The other "others" of the times included the Vietnamese. As Kerry's testimony points out, the connection quickly was made, and not just by Indian soldiers. Noam Chomsky and Ward Churchill, among others, made it part of their stock in trade.

One of the best books on the war, Michael Herr's Dispatches (1978), a non-fiction account of a journalist's tour of duty with the troops, places Vietnam at the end of a succession of American betrayals and victimizations of the American Indian, starting with the European settlers on the East Coast and President Andrew Jackson's forced removal of the Five Civilized Tribes from the southeast to Oklahoma. Where did our involvement in Vietnam begin?

... you couldn't use standard methods to date the doom; might as well say that Vietnam was where the Trail of Tears was headed all along.

This is interesting psychology, but it is historical nonsense. Making an iconic image of the heroic communist Vietnamese peasant fighting for freedom against the militaryindustrialracistmalechauvinistpigwhiteAmeriKKKa may validate someone's wrath and rage. But it disrespects the complexity of the case. And it does no honor whatsoever to the Vietnamese. They didn't ask to be anyone's images or icons.

Hard left intellectuals have had to jettison much of their own literary history because it embodies politically incorrect thoughts that horrify their modern minds. They cling to the few works that criticize the conventions of the day. One is Conrad's "Heart of Darkness," with its corrupt European colonialists and "pure" African souls.

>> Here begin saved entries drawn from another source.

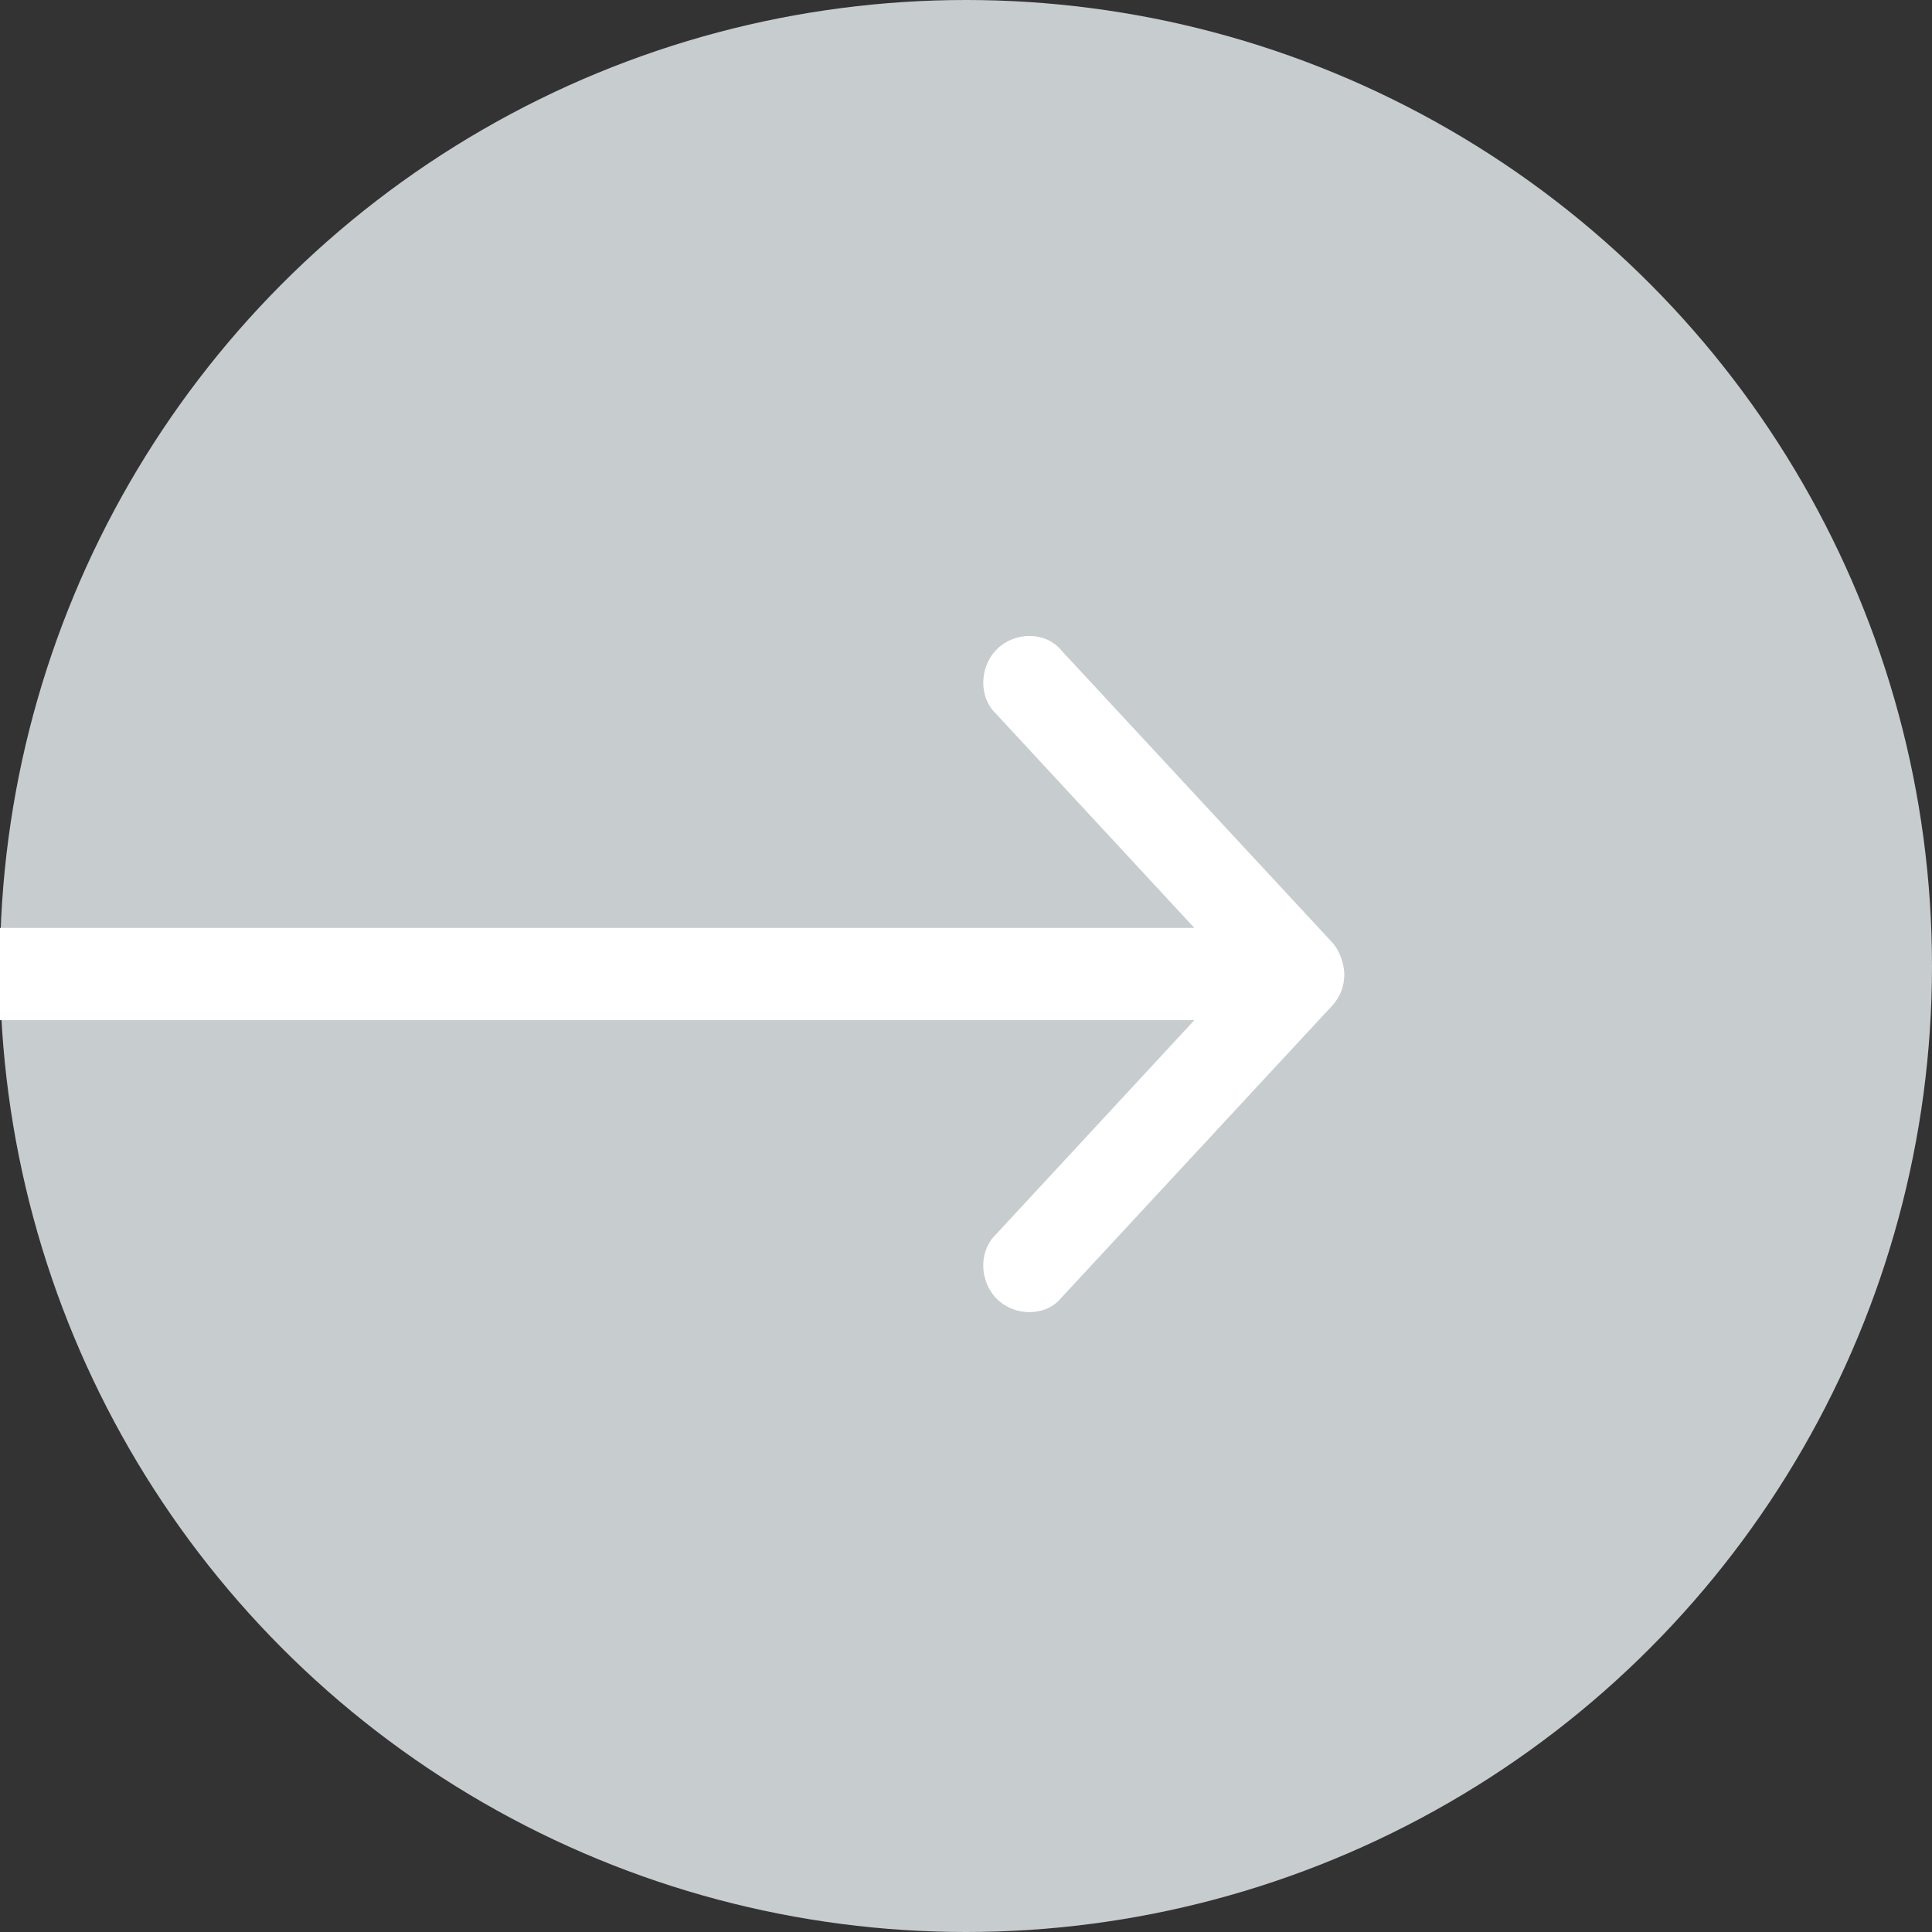 <?xml version="1.0" encoding="UTF-8"?>
<svg width="60" height="60" viewBox="0 0 60 60" xmlns="http://www.w3.org/2000/svg">
  <rect x="0" y="0" width="60" height="60" fill="#333333" stroke="none"/>
  <g fill="none" fill-rule="evenodd">
    <circle fill="#C7CCCF" cx="30" cy="30" r="30"/>
    <path d="M41.37 29.265l-8.41-9.068c-.49-.595-1.436-.582-1.988-.047-.553.536-.596 1.485-.041 2.016l6.161 6.652H-.872v2.864h37.964l-6.161 6.652c-.555.532-.512 1.484.041 2.02.552.534 1.51.538 1.988-.05l8.41-9.07c.256-.277.376-.601.38-.984-.013-.341-.151-.737-.38-.985z" fill="#FFF"/>
  </g>
</svg>
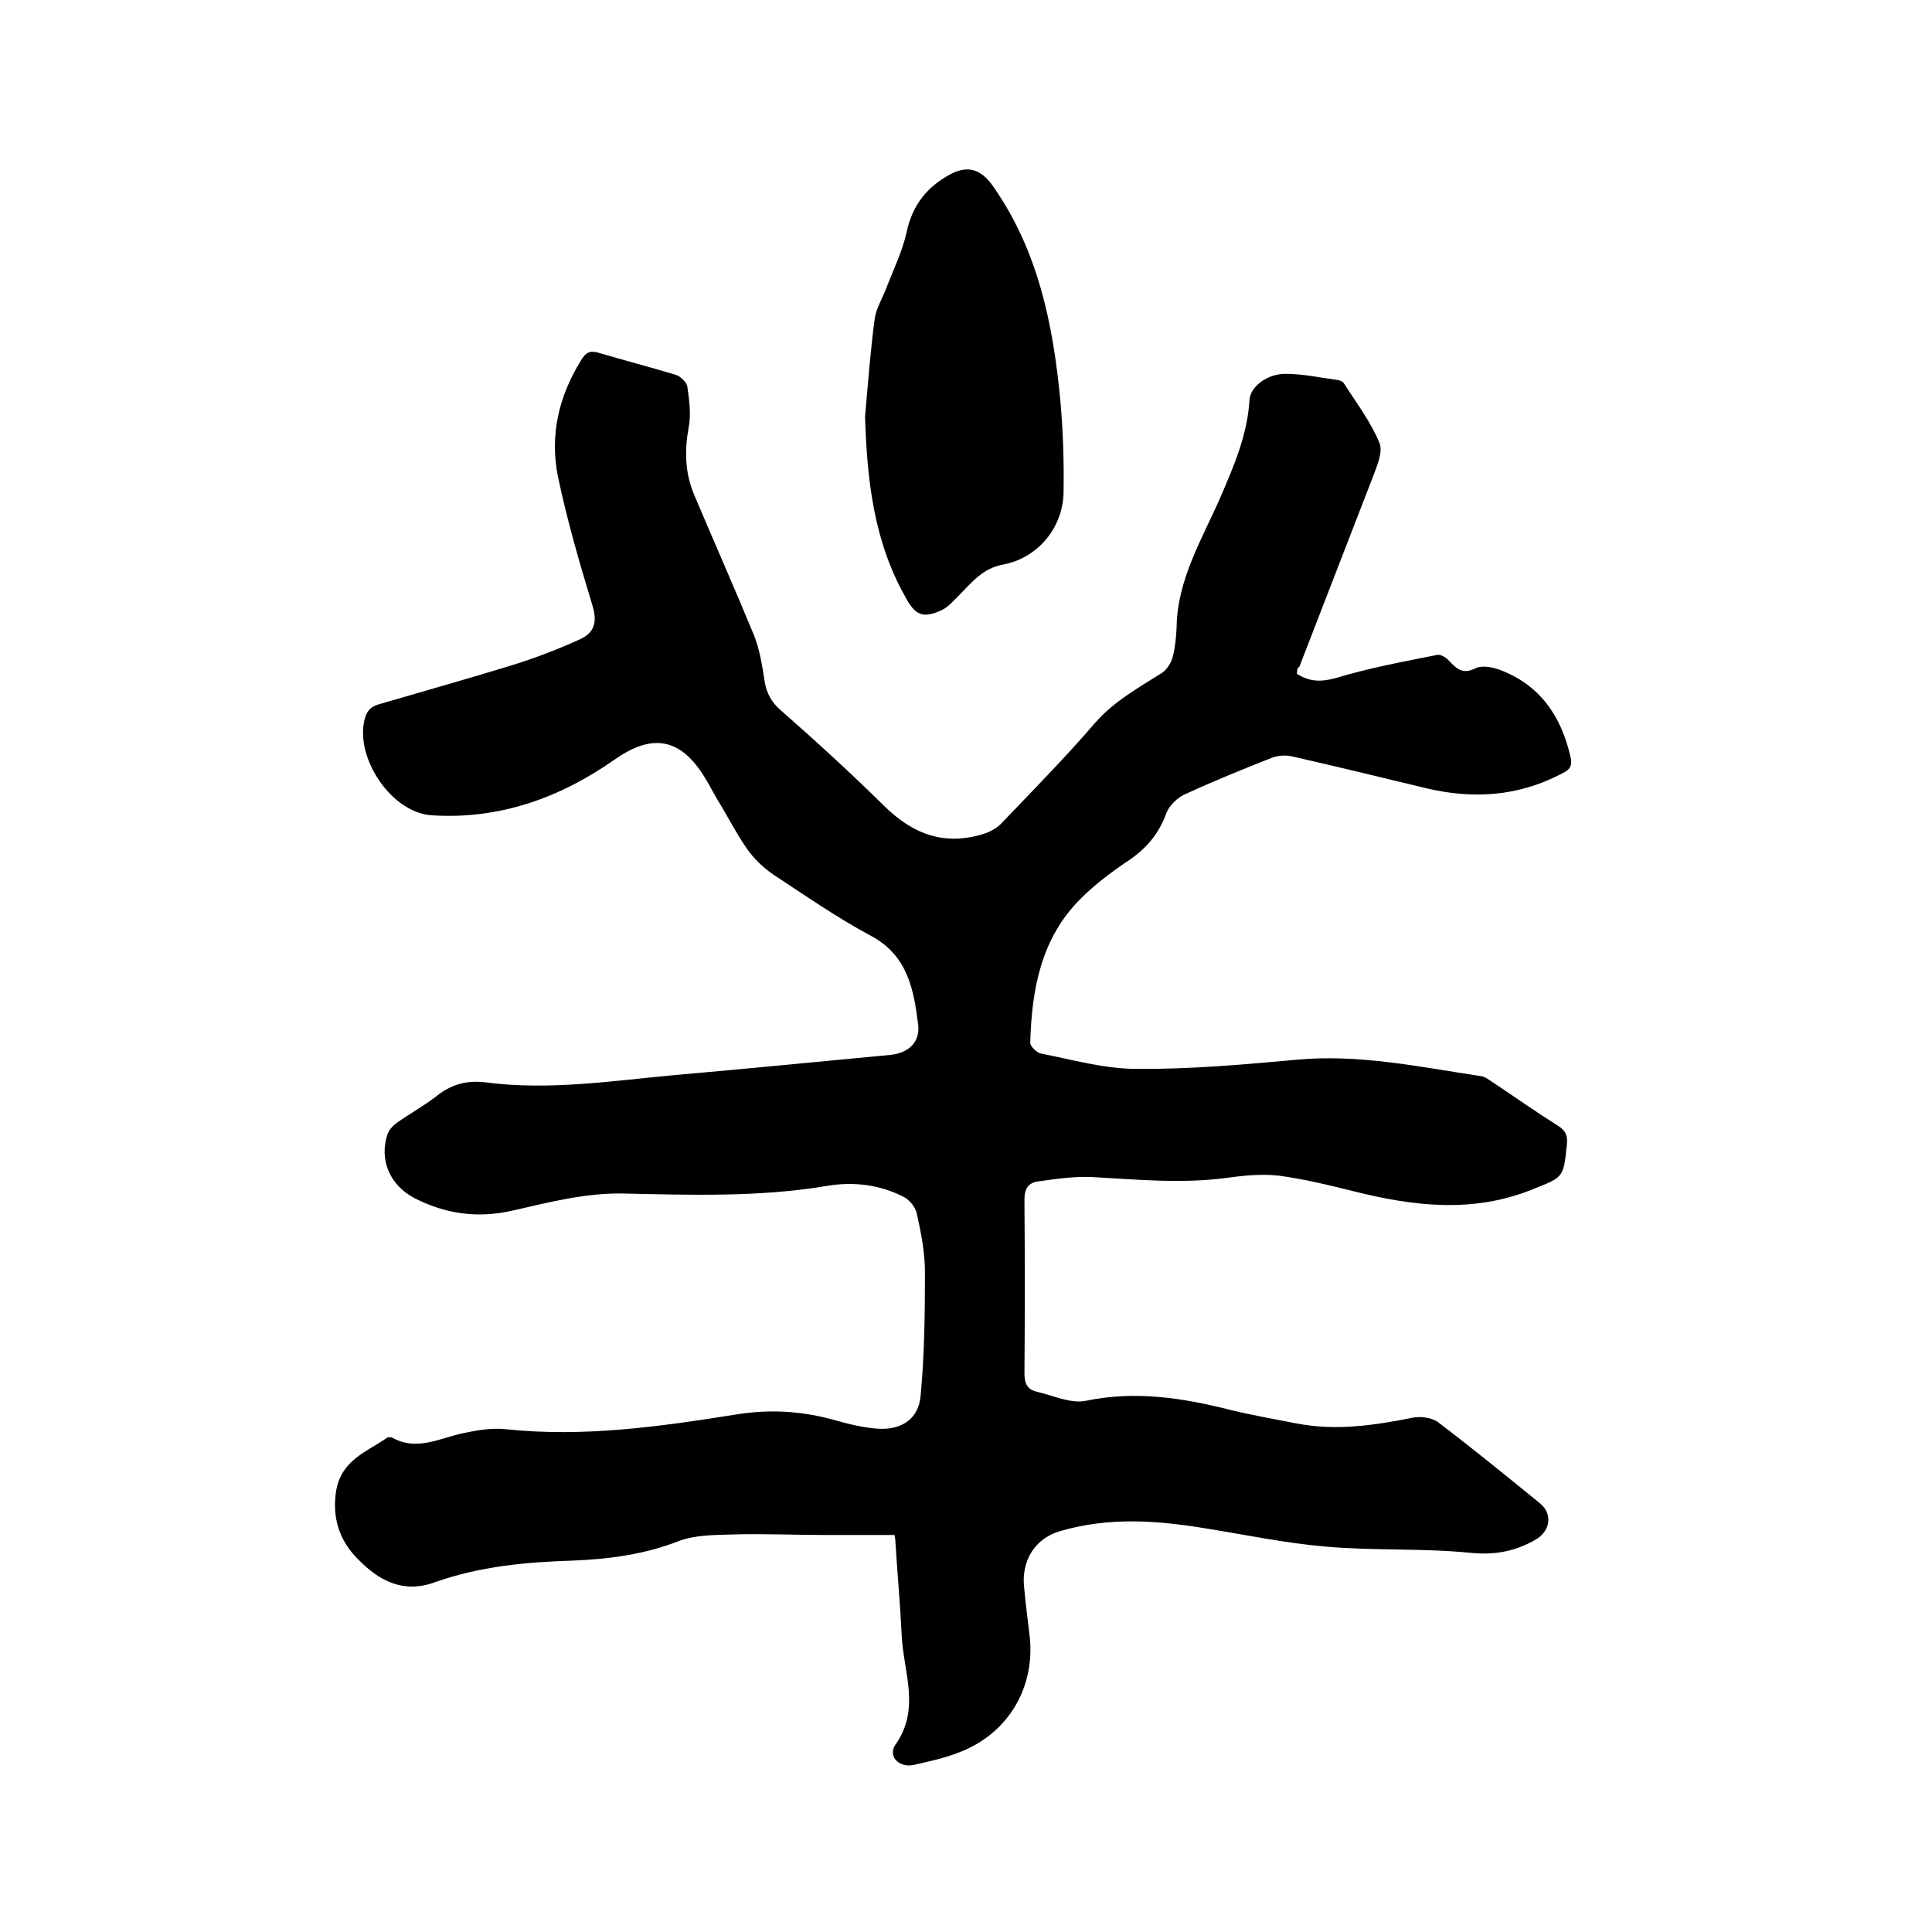 <svg enable-background="new 0 0 400 400" viewBox="0 0 400 400" xmlns="http://www.w3.org/2000/svg"><path d="m268.5 139.5c2.7 1.7 5 1.7 8 .9 6.9-2.1 14-3.4 21-4.8.7-.2 1.9.5 2.5 1.2 1.5 1.6 2.8 2.9 5.4 1.6 1.3-.7 3.4-.3 4.9.2 8.5 3.1 13 9.7 14.9 18.3.4 2-.5 2.6-1.9 3.3-9 4.7-18.3 5.3-28 3-9.2-2.2-18.5-4.5-27.8-6.6-1.3-.3-2.9-.2-4.2.3-6.1 2.4-12.2 4.9-18.1 7.6-1.5.7-3.1 2.3-3.7 3.8-1.5 4.2-4 7.2-7.6 9.7-3.6 2.4-7.1 5-10.2 8.1-8.2 8.2-10.1 18.8-10.4 29.8 0 .7 1.3 2 2.1 2.2 6.6 1.3 13.3 3.2 19.9 3.2 11.1.1 22.2-.9 33.2-1.9 12.9-1.2 25.5 1.5 38.1 3.4.9.1 1.7.8 2.5 1.3 4.5 3 8.9 6.1 13.5 9 1.6 1 2 2.1 1.8 3.9-.7 7.1-.8 6.7-7.5 9.4-12.2 4.8-24.3 3.3-36.4.3-5.2-1.3-10.5-2.6-15.8-3.3-3.6-.4-7.4 0-11 .5-9.2 1.2-18.4.3-27.5-.2-3.7-.2-7.6.4-11.3.9-2 .3-2.8 1.5-2.8 3.8.1 12 .1 23.9 0 35.9 0 2 .5 3.3 2.4 3.8 3.5.8 7.2 2.6 10.4 1.9 10.2-2.1 19.9-.6 29.8 1.9 4.5 1.1 9.1 1.9 13.7 2.8 8.2 1.6 16.2.4 24.2-1.2 1.6-.3 3.9 0 5.2 1 7.1 5.4 14.1 11.1 21.1 16.8 2.7 2.3 2 5.9-1.2 7.6-4.1 2.3-8.3 3.1-13.2 2.6-10-1-20.1-.4-30.1-1.3-8.2-.7-16.3-2.4-24.4-3.7-10.2-1.7-20.3-2.5-30.5.5-5.8 1.7-7.9 6.7-7.5 11.3.3 3.3.7 6.5 1.1 9.8 1.5 10.9-4.2 20.8-14.5 24.7-3 1.2-6.3 1.9-9.4 2.6-3 .7-5.5-1.8-3.8-4.2 5.2-7.4 1.7-14.9 1.3-22.4-.3-6.4-.9-12.9-1.3-19.3 0-.6-.1-1.2-.2-1.7-5 0-9.9 0-14.7 0-6.3 0-12.7-.3-19-.1-3.6.1-7.5.1-10.8 1.3-7.1 2.8-14.5 3.8-22 4.1-9.8.3-19.4 1.2-28.7 4.5-6.6 2.4-11.6-.4-15.9-4.8-3.8-3.8-5.4-8.5-4.5-14.2 1.1-6.3 6.3-8 10.5-10.9.3-.2.9-.2 1.2 0 5.1 2.8 9.8 0 14.7-1 2.8-.6 5.8-1.1 8.7-.8 16 1.7 31.7-.5 47.4-3 7.2-1.2 14-.8 21 1.2 2.8.8 5.8 1.5 8.7 1.7 4.8.3 8.4-2 8.8-6.8.8-8.5.9-17 .9-25.6 0-4.1-.8-8.2-1.7-12.2-.3-1.3-1.5-2.8-2.7-3.4-4.9-2.5-10.3-3.2-15.7-2.3-14.2 2.4-28.4 1.9-42.7 1.6-7.5-.1-15 1.8-22.4 3.5-7.3 1.7-14 .8-20.6-2.6-5-2.7-7.2-7.8-5.5-13.1.3-.9 1.1-1.8 1.9-2.4 2.7-1.9 5.6-3.5 8.2-5.5 3.1-2.5 6.3-3.4 10.3-2.9 13 1.7 26-.3 38.9-1.5 15-1.3 29.9-2.8 44.9-4.2 3.7-.4 6.1-2.6 5.7-6.2-.9-7.2-2.1-14.3-9.7-18.4-7.1-3.8-13.7-8.4-20.4-12.8-2-1.4-3.9-3.2-5.3-5.2-2.3-3.3-4.1-6.9-6.2-10.3-1-1.7-1.9-3.5-3-5.2-5-7.7-10.8-8.3-18.3-3-11.3 7.9-23.8 12.4-37.8 11.5-8.2-.5-15.7-11.5-14-19.5.4-1.9 1.2-3 3.1-3.5 9.2-2.7 18.5-5.3 27.6-8.1 4.8-1.5 9.5-3.3 14.1-5.4 2.8-1.3 3.5-3.5 2.5-6.8-2.7-8.9-5.3-17.8-7.2-26.9-1.7-8.5.2-16.6 4.8-24 .9-1.5 1.7-2.1 3.5-1.6 5.4 1.6 10.8 3 16.1 4.6 1 .3 2.2 1.5 2.4 2.4.4 2.8.8 5.7.3 8.4-.9 4.8-.8 9.5 1.1 14 4.1 9.7 8.4 19.4 12.4 29.1 1.2 3 1.7 6.3 2.2 9.5.4 2.5 1.4 4.4 3.4 6.1 7.3 6.4 14.5 13 21.4 19.8 6 5.9 12.6 8.3 20.7 5.7 1.2-.4 2.5-1.1 3.4-2 6.6-6.9 13.3-13.7 19.5-20.9 3.9-4.5 9-7.3 13.9-10.4 1-.7 1.9-2.1 2.2-3.3.5-1.9.7-4 .8-6 .1-10 5.3-18.4 9.1-27.1 2.8-6.5 5.6-13 6-20.2.2-2.6 3.6-5.3 7.4-5.3 3.7 0 7.3.8 11 1.3.4.1.9.3 1.1.6 2.6 4.1 5.6 8 7.4 12.4.8 1.9-.6 5-1.5 7.4-5 13-10.1 26-15.1 39-.5.2-.4.7-.5 1.4z"/><path d="m179.1 86.2c.6-6.7 1.1-13.5 2-20.2.3-2.1 1.5-4.1 2.3-6.1 1.5-3.9 3.4-7.8 4.3-11.8 1.2-5.7 4.3-9.5 9.2-12.1 3.7-1.9 6.4-.8 8.8 2.7 9.2 13.2 12.3 28.3 13.8 43.9.6 6.4.8 12.9.7 19.3-.1 7.4-5.4 13.7-12.6 15-4.2.8-6.4 3.7-9.1 6.4-1.1 1.1-2.2 2.4-3.5 3-4 1.9-5.6 1-7.6-2.8-6.5-11.5-7.9-24.2-8.3-37.3z"/></svg>

Chinua Achebe, the father of modern African literature, wants none of it. "I am an African. What interests me is what I learn in Conrad about myself. To use me as a symbol may be bright or clever, but if it reduces my humanity by the smallest fraction I don't like it. ... [Y]ou cannot compromise my humanity in order that you explore your own ambiguity. I cannot accept that. My humanity is not to be debated, nor is it to be used simply to illustrate European problems."